A deeper dive into the model from Unit 1. Elasticity, consumer and producer surplus, market efficiency, price controls, excise taxes, and the effects of international trade — the most heavily weighted topic area on the exam.
Seven topics from the College Board CED, in order.
Topic 2.1
Price Elasticity of Demand
Measuring how responsive quantity demanded is to a price change; calculating and interpreting elasticity coefficients.
Topic 2.2
Determinants & Applications of Elasticity of Demand
Why availability of substitutes, necessity vs. luxury, and time horizon change how elastic demand is.
Topic 2.3
Cross-Price & Income Elasticity of Demand
Measuring how demand for one good responds to changes in another good's price or to changes in income.
Topic 2.4
Price Elasticity of Supply
Measuring how responsive quantity supplied is to a price change, and what determines that responsiveness.
Topic 2.5
Consumer & Producer Surplus, Market Efficiency
Measuring the gains buyers and sellers get from trade, and what makes a market allocatively efficient.
Topic 2.6
Price Controls (Ceilings & Floors)
How binding price ceilings and floors create shortages or surpluses and reduce total surplus.
Topic 2.7
Excise Taxes, Subsidies & Tax Incidence
How taxes and subsidies shift markets, create deadweight loss, and split the burden between buyers and sellers.
About Unit 2
Unit 2 takes the basic supply-and-demand model from Unit 1 and adds the analytical tools that let you measure markets precisely.
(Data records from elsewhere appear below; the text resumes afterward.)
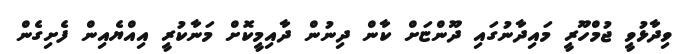
ވިދާޅުވީ ޖުމްހޫރީ މައިދާނުގައި ދޫންޏަށް ކާން ދިނުން ދާއިމީކޮށް މަނާކުރީ އިއްޔެއިން ފެށިގެން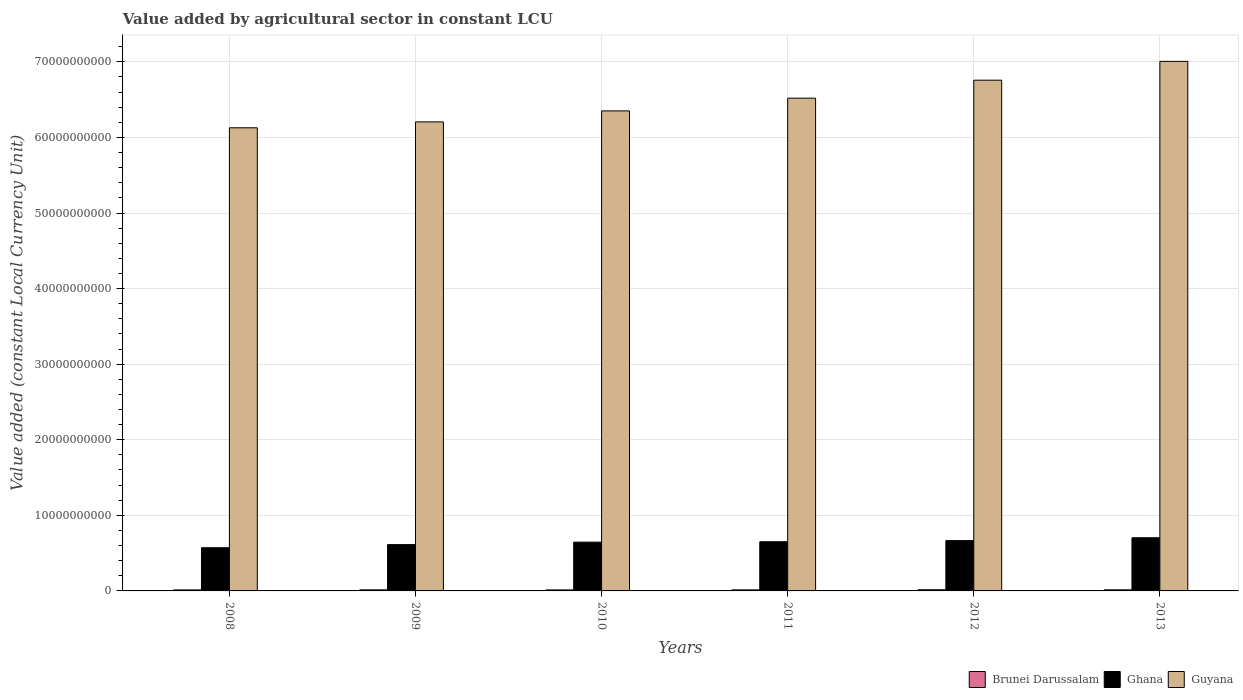
| Years | Brunei Darussalam | Ghana | Guyana |
 | --- | --- | --- | --- |
 | 2008 | 1.33e+08 | 5.72e+09 | 6.13e+10 |
 | 2009 | 1.41e+08 | 6.13e+09 | 6.21e+10 |
 | 2010 | 1.32e+08 | 6.45e+09 | 6.35e+10 |
 | 2011 | 1.38e+08 | 6.51e+09 | 6.52e+10 |
 | 2012 | 1.55e+08 | 6.66e+09 | 6.76e+10 |
 | 2013 | 1.45e+08 | 7.03e+09 | 7.01e+10 |

Elasticity quantifies how responsive buyers and sellers are to price changes — a concept that recurs constantly in later units, especially when analyzing taxes and government intervention.
You'll also learn to measure consumer surplus, producer surplus, and total surplus — the foundation for evaluating whether a market outcome is efficient. This sets up the rest of the unit: what happens to that surplus when government imposes a price ceiling, a price floor, or an excise tax.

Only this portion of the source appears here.